**Supplied information**
[Start of section]

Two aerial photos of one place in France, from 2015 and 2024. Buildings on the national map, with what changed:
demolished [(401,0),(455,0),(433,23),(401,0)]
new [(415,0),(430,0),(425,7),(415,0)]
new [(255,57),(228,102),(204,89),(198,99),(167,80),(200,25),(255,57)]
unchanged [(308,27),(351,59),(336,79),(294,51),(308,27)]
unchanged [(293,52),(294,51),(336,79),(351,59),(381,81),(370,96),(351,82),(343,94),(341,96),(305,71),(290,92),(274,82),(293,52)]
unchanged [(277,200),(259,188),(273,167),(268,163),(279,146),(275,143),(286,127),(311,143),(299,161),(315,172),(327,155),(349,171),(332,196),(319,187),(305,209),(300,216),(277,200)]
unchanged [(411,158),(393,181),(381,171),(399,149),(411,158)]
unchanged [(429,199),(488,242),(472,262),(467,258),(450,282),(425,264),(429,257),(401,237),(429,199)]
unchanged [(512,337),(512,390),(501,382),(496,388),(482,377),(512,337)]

[End of section]

**Task to carry out**
Transcribe all of the material exactly. Omit nothing.

**Task solution**
Two aerial photos of one place in France, from 2015 and 2024. Buildings on the national map, with what changed:
demolished [(401,0),(455,0),(433,23),(401,0)]
new [(415,0),(430,0),(425,7),(415,0)]
new [(255,57),(228,102),(204,89),(198,99),(167,80),(200,25),(255,57)]
unchanged [(308,27),(351,59),(336,79),(294,51),(308,27)]
unchanged [(293,52),(294,51),(336,79),(351,59),(381,81),(370,96),(351,82),(343,94),(341,96),(305,71),(290,92),(274,82),(293,52)]
unchanged [(277,200),(259,188),(273,167),(268,163),(279,146),(275,143),(286,127),(311,143),(299,161),(315,172),(327,155),(349,171),(332,196),(319,187),(305,209),(300,216),(277,200)]
unchanged [(411,158),(393,181),(381,171),(399,149),(411,158)]
unchanged [(429,199),(488,242),(472,262),(467,258),(450,282),(425,264),(429,257),(401,237),(429,199)]
unchanged [(512,337),(512,390),(501,382),(496,388),(482,377),(512,337)]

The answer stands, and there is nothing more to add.